++++ Recorded data ++++
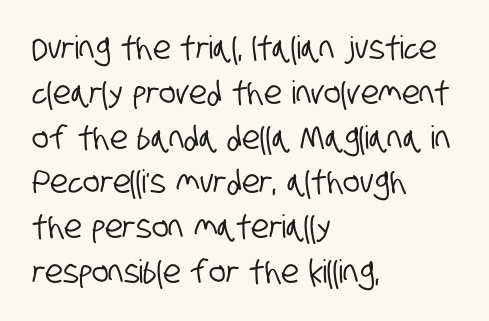
{"serif": "no", "width": "condensed", "stroke_contrast": "low", "x_height": "large", "monospaced": "no", "underline": "no", "align": "left", "line_spacing": "normal", "line_spacing_ratio": 1.4, "letter_spacing": "normal", "letter_spacing_em": 0.0, "glyph_px": 32}
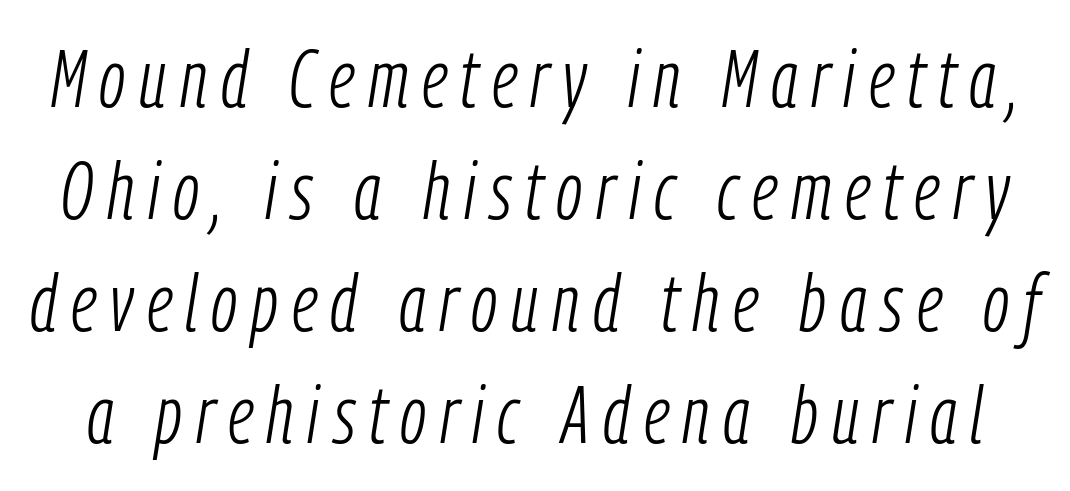
{"italic": "yes", "lean": "right", "slant_degrees": 9, "bold": "no", "weight": "light", "width": "condensed", "stroke_contrast": "low", "x_height": "medium", "monospaced": "no", "underline": "no", "line_spacing": "normal", "line_spacing_ratio": 1.4, "glyph_px": 80}
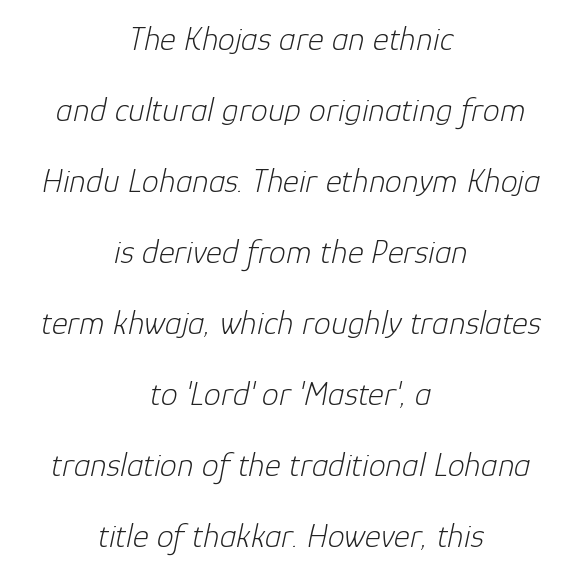
The image shows 34 px light type, italic (leaning right); set centered, loose line spacing (2.09x), normal letter spacing, not underlined; low stroke contrast and a medium x-height.
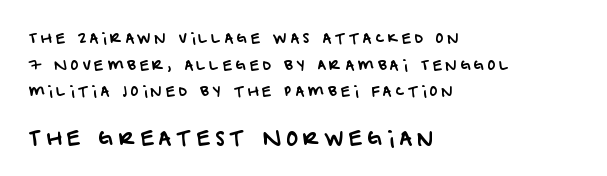
{"underline": "no", "align": "left", "line_spacing": "loose", "line_spacing_ratio": 1.9, "letter_spacing": "wide", "letter_spacing_em": 0.24, "larger_block": "second", "size_ratio": 1.43, "glyph_px": 20}
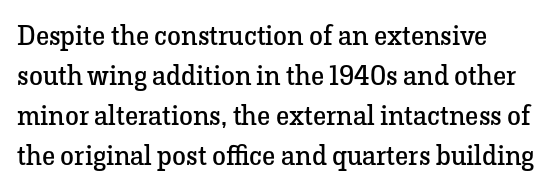
The image shows 28 px regular-weight serif type, upright; set left-aligned, normal line spacing (1.43x), normal letter spacing, not underlined; low stroke contrast and a medium x-height.
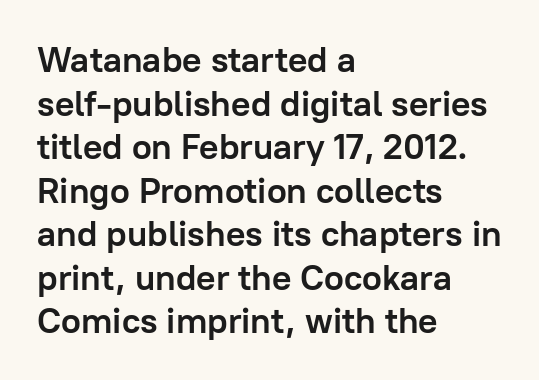
{"serif": "no", "italic": "no", "bold": "yes", "weight": "semibold", "width": "normal", "stroke_contrast": "low", "x_height": "medium", "monospaced": "no", "underline": "no", "align": "left", "line_spacing_ratio": 1.21, "letter_spacing": "normal", "letter_spacing_em": 0.0, "glyph_px": 36}
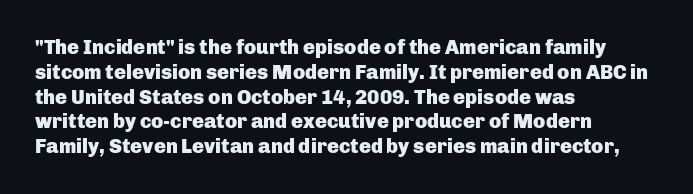
Q: Is the text bold? A: Yes.
Q: Is the text italic (slanted)? A: No, it is upright.
Q: Is the text underlined? A: No.
Q: How is the paragraph aligned? A: Left-aligned.
Q: Is the spacing between letters normal or unusually wide? A: Normal.
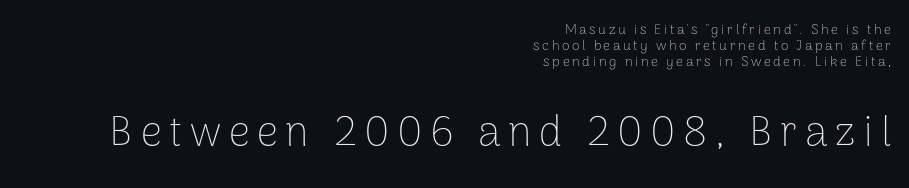
{"serif": "no", "italic": "no", "bold": "no", "weight": "thin", "width": "normal", "stroke_contrast": "low", "x_height": "medium", "monospaced": "no", "underline": "no", "align": "right", "line_spacing": "tight", "line_spacing_ratio": 1.14, "larger_block": "second", "size_ratio": 3.0, "glyph_px": 42}
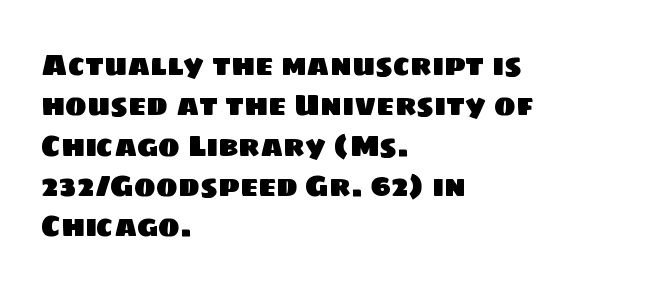
These lines keep a tight, regular rhythm from letter to letter. The ragged edge is on the right, which tells us the setting is flush left. Each letter keeps its own natural width here, so spacing adapts to shape. Descenders hang freely into open space.
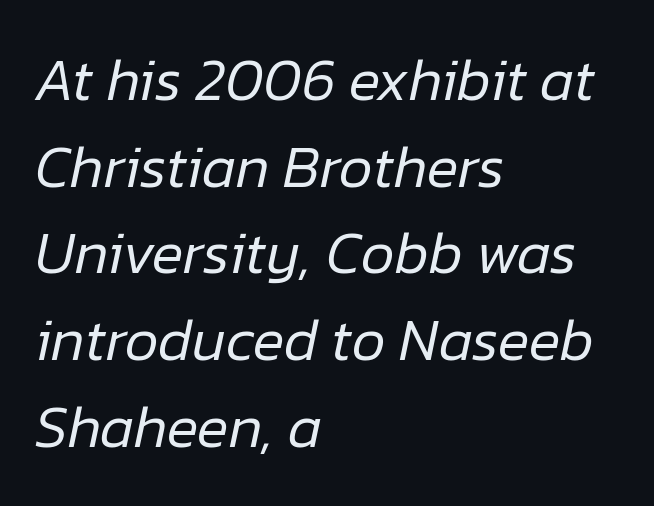
The image shows 59 px regular-weight type, italic (leaning right); set left-aligned, normal line spacing (1.47x), normal letter spacing, not underlined; low stroke contrast and a medium x-height.
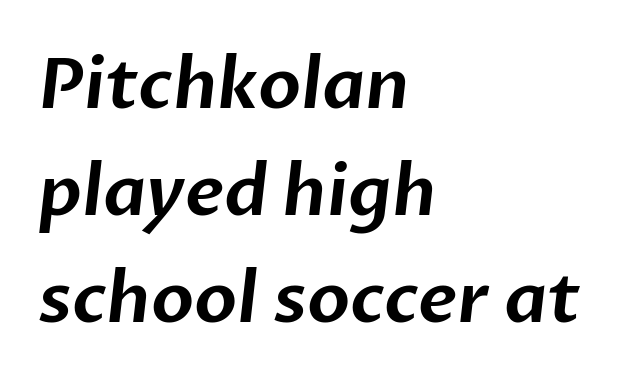
The image shows 70 px sans-serif type; set left-aligned, normal line spacing (1.53x), normal letter spacing, not underlined; low stroke contrast and a medium x-height.
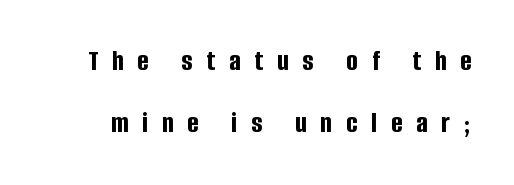
This sample has the flowing, uneven cadence of proportional lettering. The type is letterspaced generously, with wide tracking. The passage shown is typeset with a sans-serif family. Posture: upright roman. This rendering features lettering with no underline.
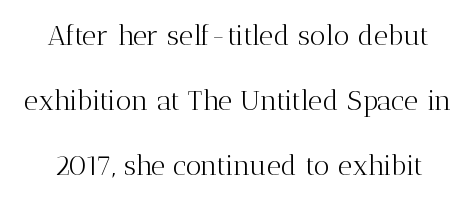
{"serif": "yes", "italic": "no", "bold": "no", "weight": "light", "width": "normal", "stroke_contrast": "medium", "x_height": "medium", "monospaced": "no", "underline": "no", "line_spacing": "loose", "line_spacing_ratio": 2.32, "letter_spacing": "normal", "letter_spacing_em": 0.0, "glyph_px": 28}
++++
Among the entries above, locate the line with "The image shows 59" and the line with "The image shows 70". Give those two lines and all lines between them again, exactly, leaving out the pictures.

The image shows 59 px regular-weight type, italic (leaning right); set left-aligned, normal line spacing (1.47x), normal letter spacing, not underlined; low stroke contrast and a medium x-height.
The image shows 70 px sans-serif type; set left-aligned, normal line spacing (1.53x), normal letter spacing, not underlined; low stroke contrast and a medium x-height.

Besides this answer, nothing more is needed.